京産大ラグビー部1年の石橋チューカが、日本代表のトレーニングスコッド合宿へ参加する。
8年ぶりに再登板のエディー・ジョーンズ ヘッドコーチが最初におこなうこのキャンプは、2月6日から2日間、福岡で開かれる。正規の代表活動とは異なるが、プロジェクトの第一歩に映る。
その時期に開催中のクロスボーダーラグビーへ挑む国内リーグワン上位4強勢以外のチームから、36名が選ばれた。そのうち8名は大学生だった。
なかでも石橋は、身長190センチ、体重95キロと恵まれた体格にあって運動量、球を持った際のしなやかさが光る。報徳学園高3年時は全国大会で準優勝し、高校日本代表にもなっている。
「まだ大学のことで精いっぱい。そこまで考えていないです」
本人がこう話したのは昨年の大みそか。大学選手権の準決勝を2日後に控えるなか、やがてリストアップされる20歳以下日本代表候補としての活動について聞かれた時のことだ。
加盟する関西大学Aリーグで主力を張るなか「高校と比べてフィジカルがハードになってきている。そこで通用するか、不安なままやることも多かった」。国際舞台で戦うことへ、現実味を持てずにいたのだろう。
もっとも、「成長していると思って毎日、練習している。一日一日の継続が力になると思っています」。ハードワークを貴ぶ文化に惹かれて京産大へ入ってから、全体練習後には長時間のスクラムセッションに没頭した。

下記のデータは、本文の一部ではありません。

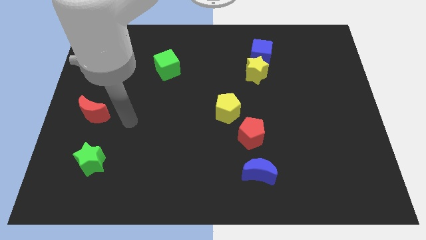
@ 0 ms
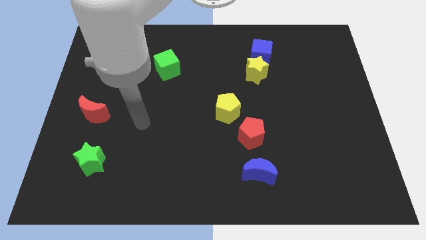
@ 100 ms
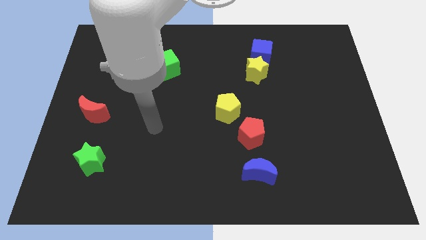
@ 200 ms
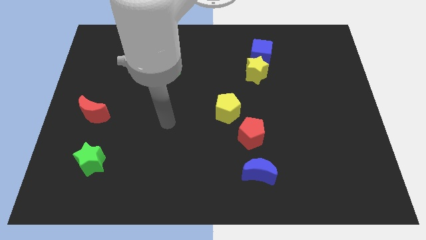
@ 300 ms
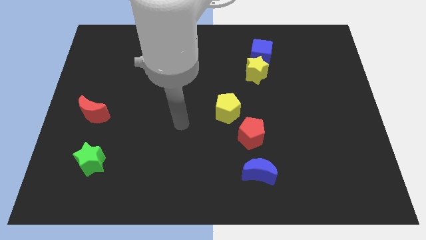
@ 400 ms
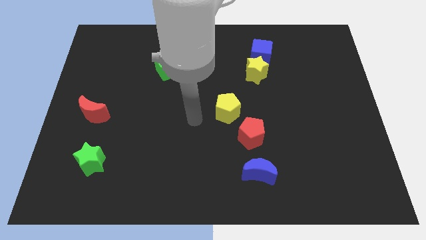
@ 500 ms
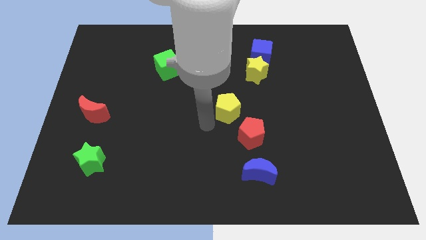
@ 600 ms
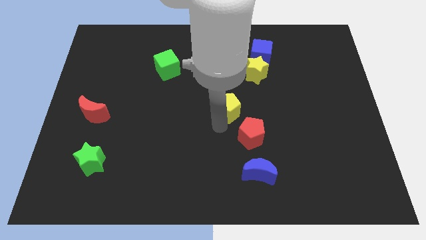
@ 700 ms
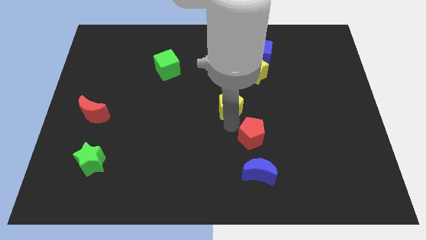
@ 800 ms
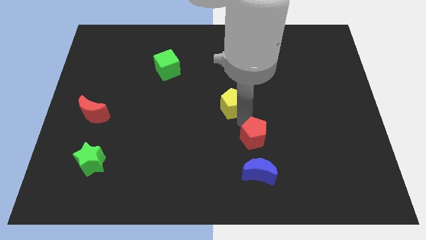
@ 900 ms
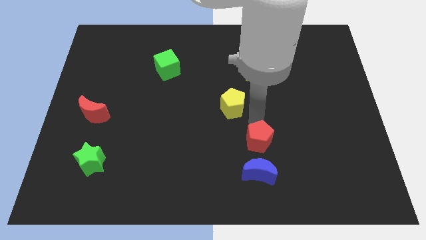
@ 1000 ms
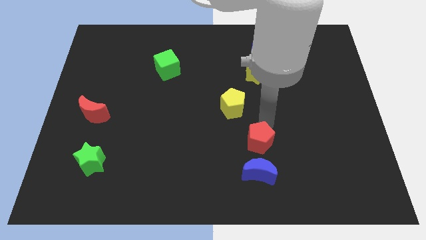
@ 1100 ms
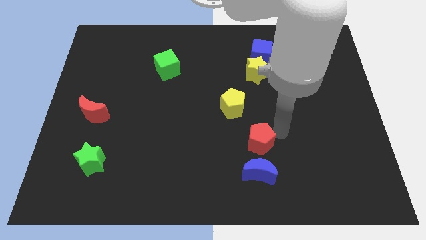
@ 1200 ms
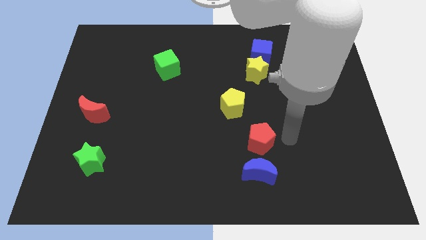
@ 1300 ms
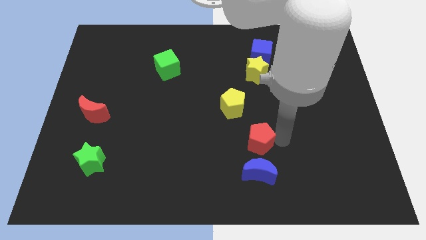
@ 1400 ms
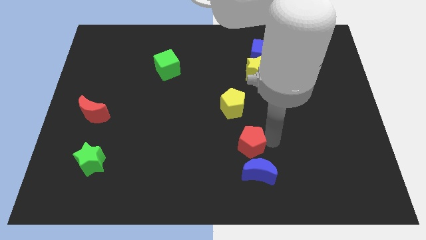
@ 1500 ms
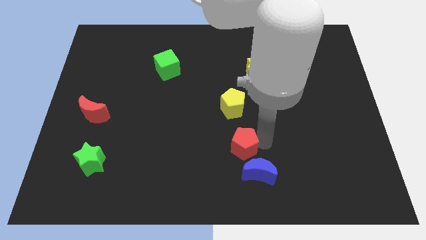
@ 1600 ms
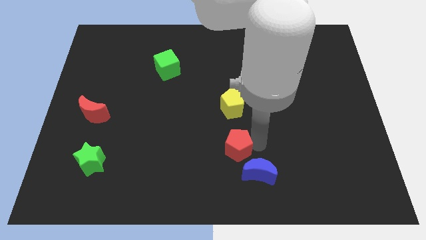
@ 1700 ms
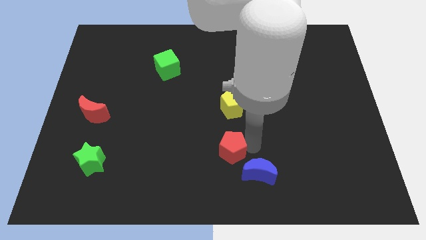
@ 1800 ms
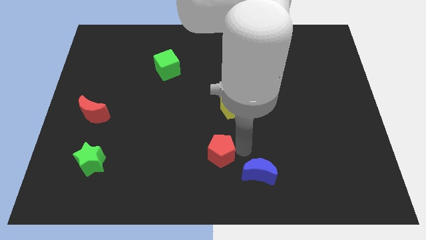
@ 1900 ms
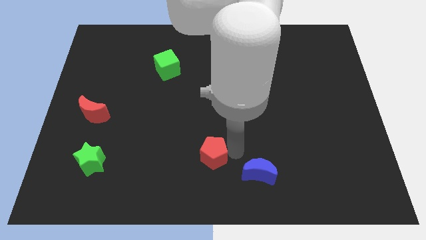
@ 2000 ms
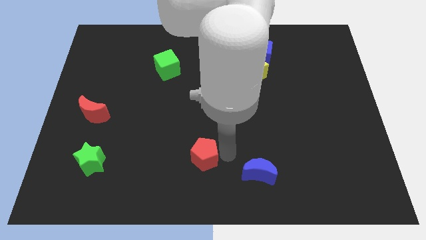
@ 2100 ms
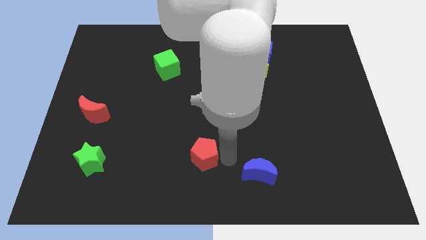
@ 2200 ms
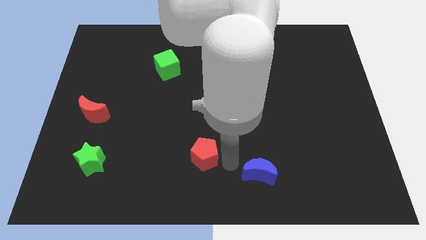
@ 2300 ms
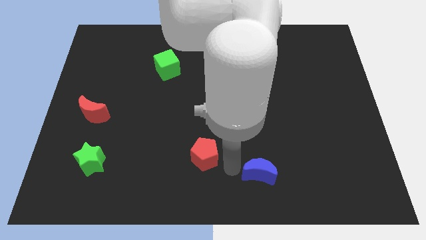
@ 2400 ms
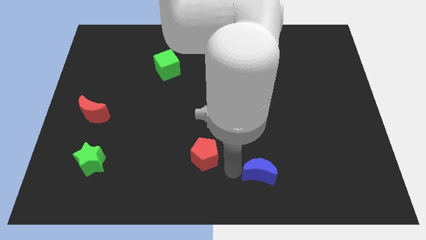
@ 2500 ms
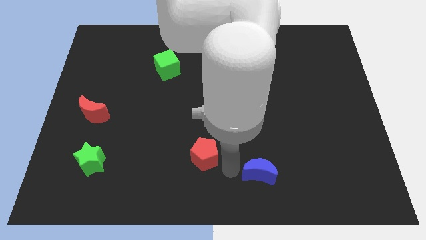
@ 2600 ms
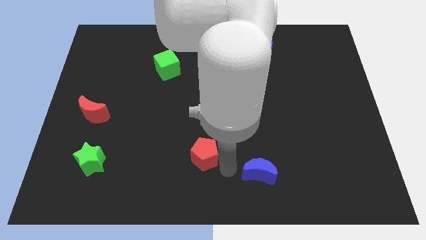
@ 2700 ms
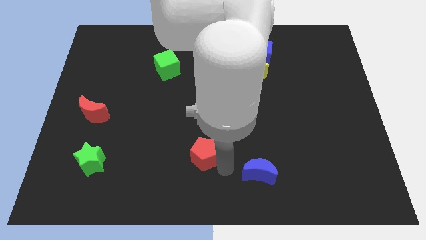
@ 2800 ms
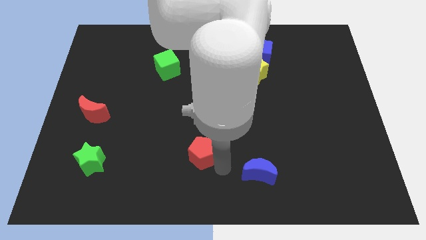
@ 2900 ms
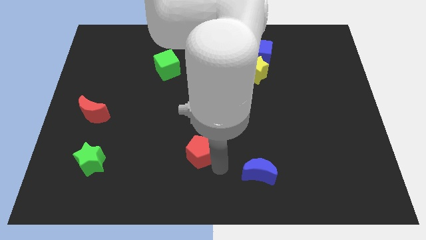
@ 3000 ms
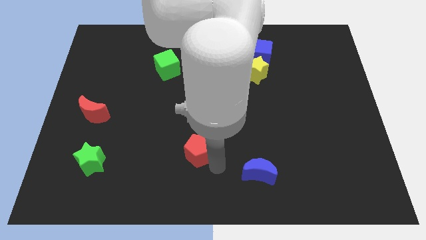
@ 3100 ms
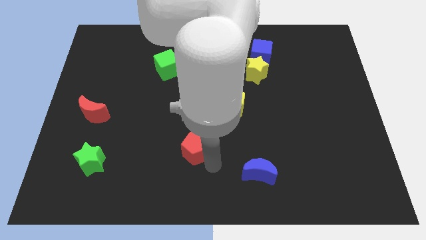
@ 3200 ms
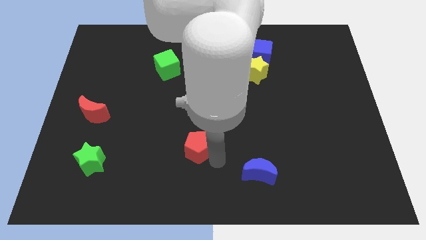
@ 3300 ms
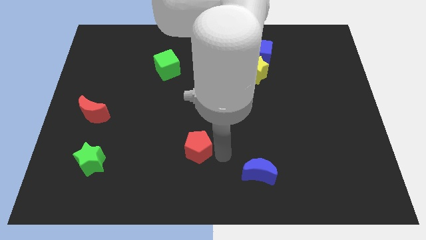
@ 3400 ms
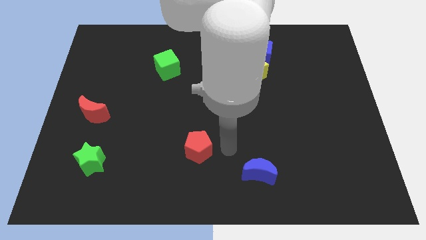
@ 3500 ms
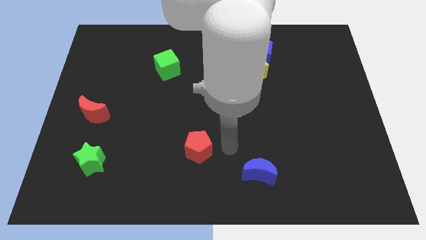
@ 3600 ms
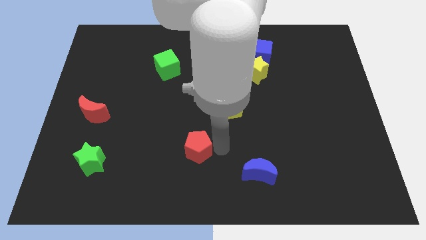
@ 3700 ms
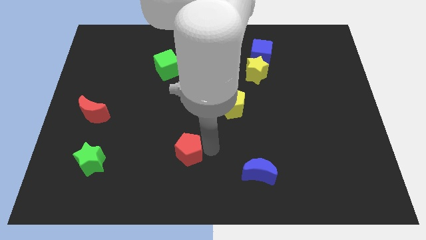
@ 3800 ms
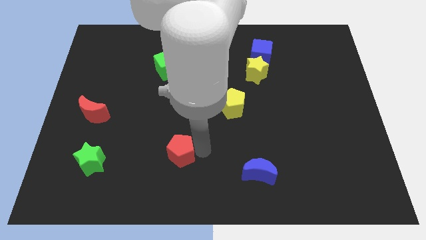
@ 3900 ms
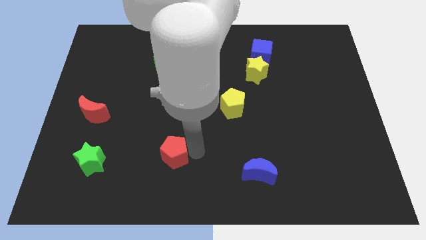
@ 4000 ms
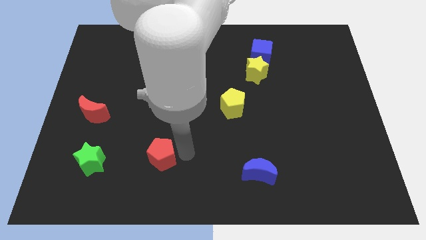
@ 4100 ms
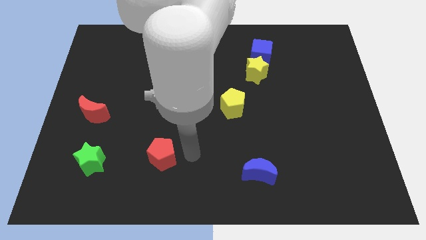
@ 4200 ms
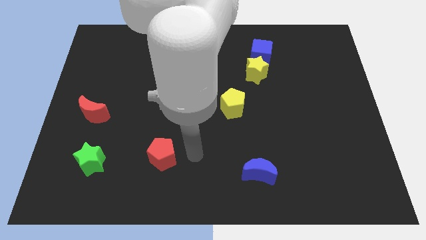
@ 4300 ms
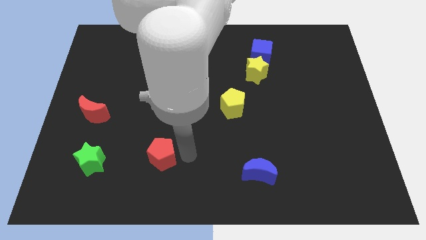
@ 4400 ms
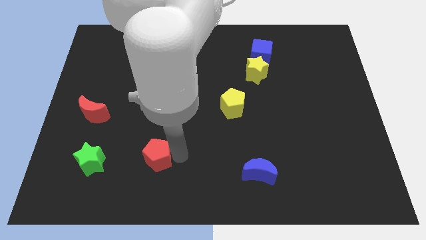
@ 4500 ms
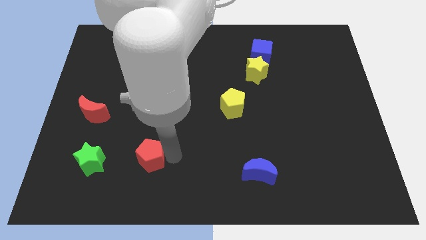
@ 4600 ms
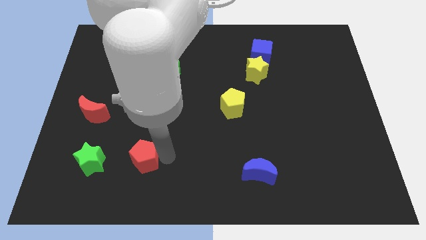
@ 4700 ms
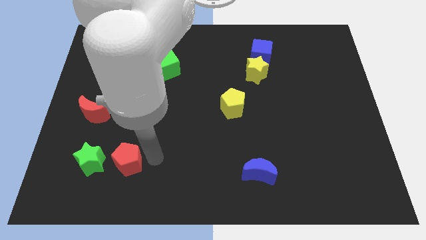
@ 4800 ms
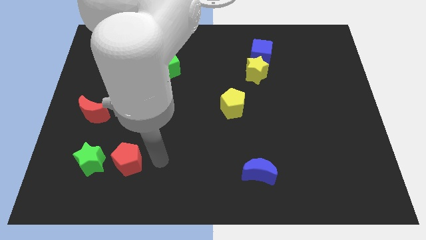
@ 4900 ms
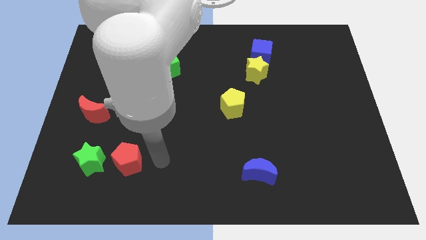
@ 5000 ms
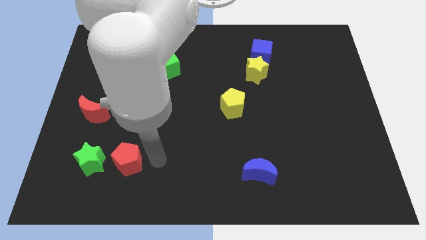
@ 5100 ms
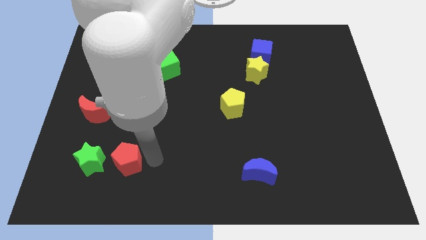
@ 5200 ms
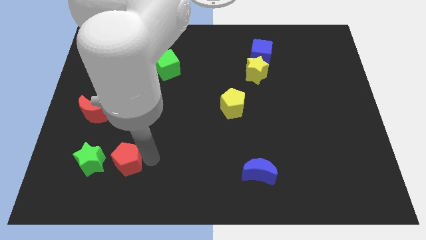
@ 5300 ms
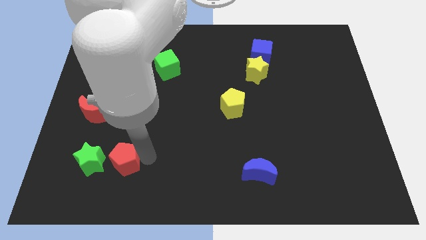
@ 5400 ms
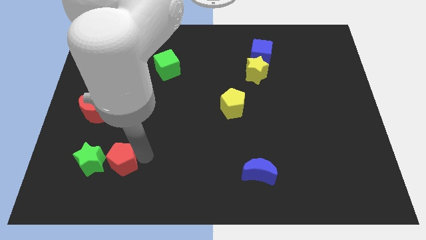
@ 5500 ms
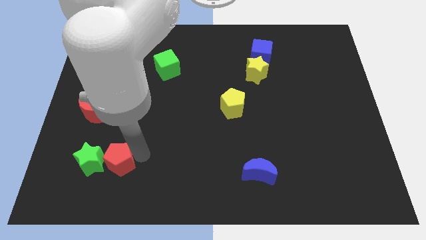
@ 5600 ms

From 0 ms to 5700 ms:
put the red pentagon towards the green star

コーチ陣やチームメイトから増量を勧められるなか、ウェイトトレーニングにも注力した。持ち上げられる重量は日増しに高まり、自身のサイズも「5~6キロ」ほど増えた。
「厳しい環境下でできることに感謝」
ポジションは2列目のLO。将来的には高校3年時にプレーしたFWの第3列を目指したいようだが、「まずLOで力をつけ、FL、NO8をしていきたい」。いまの働き場でスクラムでのプッシュ、グラウンド中央での突進、サポートといった「力仕事」を全うし、より頑健になりたい。
他方、こうも述べる。
「まだまだ体重差で負けることが多い。そこでどう勝つかを考えると、低さと速さ。これを常に意識しています」
力をつけた。さらに力をつけたい。同時に、力だけに頼らない自らのスタイルも模索したい。